Another strategy to try to overcome ALK resistance consists of targeting the chaperone pathway. Results of Heat-Shock-Protein 90 (HSP90) inhibition in a cohort of ALK-positive patients have been reported (71). AUY992 is a potent, non-geldanamycin, HSP90 inhibitor. Its activity as a once-weekly, 1-hour infusion has been tested in a specific cohort of 22 ALK-positive lung cancer patients. The overall response rate was 32%, with a disease control rate of 59% and an estimated PFS at 18 weeks of 35.8%. The overall response rate in ALK-positive crizotinib-naïve patients (8) was 50%, with a disease control rate of 100% and an estimated PFS of 62.5% at 18 weeks. The most frequent treatment related side effects were eye disorders (74%), diarrhea (68%), nausea (39%), vomiting (26%), and fatigue (21%). Grade 3-4 side effects included eye disorders (7%), diarrhea (6%), and fatigue (4%). AUY922 had an acceptable safety profile. Activity was demonstrated both in crizotinib-naïve and crizotinib-resistant patients.
Other ALK inhibitors, as well as HSP90 inhibitors and different combinations are being currently tested in clinical trials to evaluate the safety profile and the activity in patients harboring ALK rearrangement (Table 5).
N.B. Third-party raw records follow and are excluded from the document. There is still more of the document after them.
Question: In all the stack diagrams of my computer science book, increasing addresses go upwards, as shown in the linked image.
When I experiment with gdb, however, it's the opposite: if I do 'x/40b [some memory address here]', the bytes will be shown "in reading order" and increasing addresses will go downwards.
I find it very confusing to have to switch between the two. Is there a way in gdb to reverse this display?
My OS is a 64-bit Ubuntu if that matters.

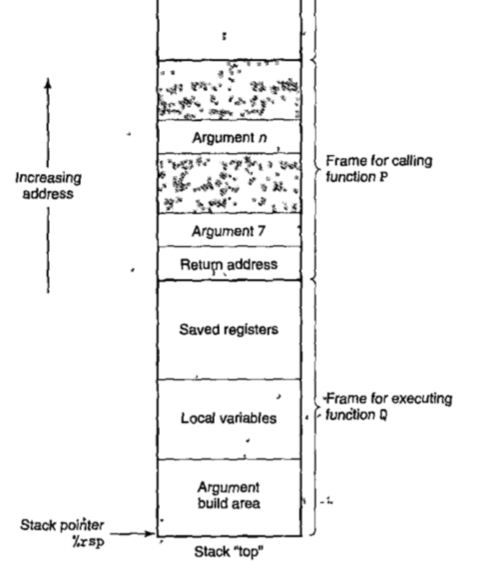
Answer: > I find it very confusing
Think of memory as going left to right along the x axis (which is how GDB will display e.g. 'x/4x' output), and rotate your book 90 degrees to match this.
You script GDB to print memory backwards, something like:
'''
define backwards
set $j = $arg1
set $mem = (char*)$arg0
while $j > 0
printf "0x%02x ", (unsigned char)$mem[$j--]
end
printf "
"
end
(gdb) backwards 0x4000000 10
'''
However, you do this, because you will only confuse yourself more.
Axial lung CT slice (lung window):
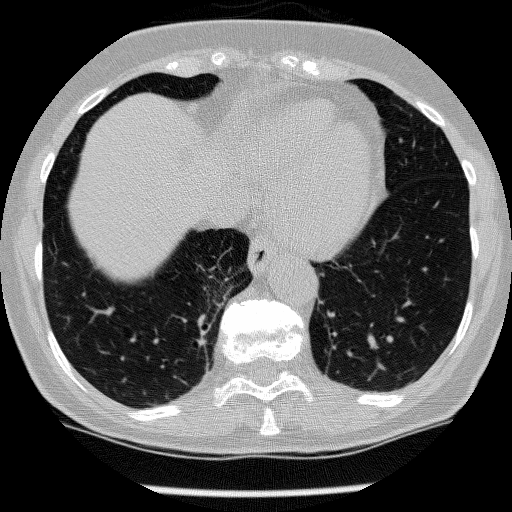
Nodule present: no

Lung cancer harboring ALK rearrangements has emerged as a relevant subtype of this disease, based both on its particular natural history and on the success of crizotinib in efficaciously treating this specific population. However, some challenges remain, such as a how to better manage adverse events related to treatment, more convenient therapeutic schedules for our patients, how to effectively treat CNS disease and overcome or delay the emergence of resistance. Newer strategies including next generation ALK inhibitors or novel drugs may help to address some of these questions.
Disclosure: The authors declare no conflict of interest.